The 2025 Longevity Summit Dublin was held in July, and we have the highlights from the event for you along with the latest research updates and news from the conference.
The Summit was founded by Aubrey de Grey and Martin O’Dea in 2022 and combines a plethora of noteworthy researchers and advocates in the rejuvenation biotechnology field.
Hosted in Dublin at the historic Trinity College, it is Ireland’s leading university, ranked No. 1 in Ireland and 87th best in the world. It was founded in 1592 and has a rich history and a reputation for excellence in education, research and innovation.
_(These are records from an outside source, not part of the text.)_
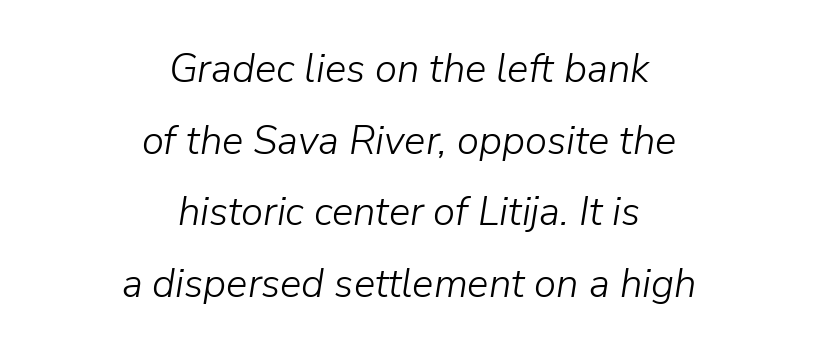
Beneath every word, the page is bare. Stem width sits at or under what a default text font uses. These lines are rendered in a variable-pitch font. These lines are centered, leaving both edges ragged.
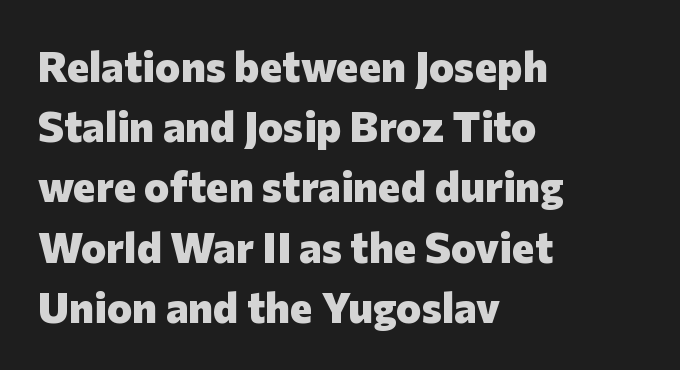
The image shows 43 px heavy sans-serif type, upright; set left-aligned, normal line spacing (1.4x), normal letter spacing, not underlined; low stroke contrast and a medium x-height.
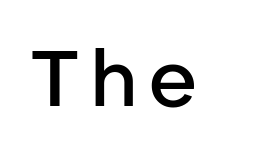
The letters stand upright; this is a roman face. The face used here is a semibold: visibly heavier than regular, lighter than bold. The area under the type is left untouched. Serif or sans? Sans — the stroke terminals are bare. Character widths vary here, with narrow letters taking less room than wide ones.
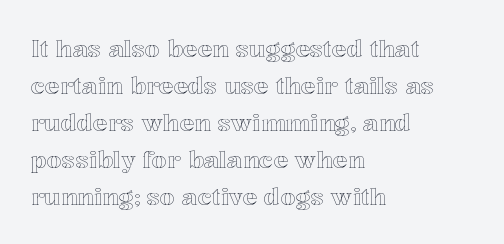
This is roman type, the default non-slanted kind. The lines in this sample share a left origin and differ only in where they stop. Glance below the letters and you will spot only blank space. The line-height multiplier appears to be the usual default. No extra tracking has been applied to these lines.
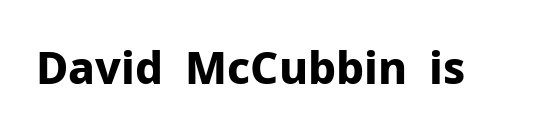
The image shows 44 px bold sans-serif type, upright; set normal letter spacing, not underlined; low stroke contrast and a medium x-height.
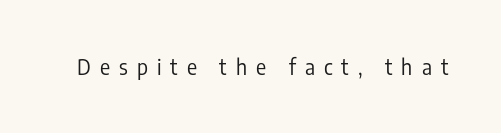
{"italic": "no", "bold": "no", "underline": "no", "letter_spacing": "wide", "letter_spacing_em": 0.43, "glyph_px": 21}

Famous writers Oscar Wilde and Samuel Beckett, and scientists William Rowan Hamilton and Ernest Walton, attended Trinity College.
This makes it the ideal place to host a conference focused on the frontiers of biology, technology and human innovation. Since its inception in 2022, the Summit has cemented its place in the longevity event landscape.
Day one: Longevity goes public
The event was a four-day affair, with the first day free and open to the public and devoted to women’s health and aging. This area of research is neglected, in particular that of female reproductive aging and female aging in general. It was good to see that this was the theme of the first day.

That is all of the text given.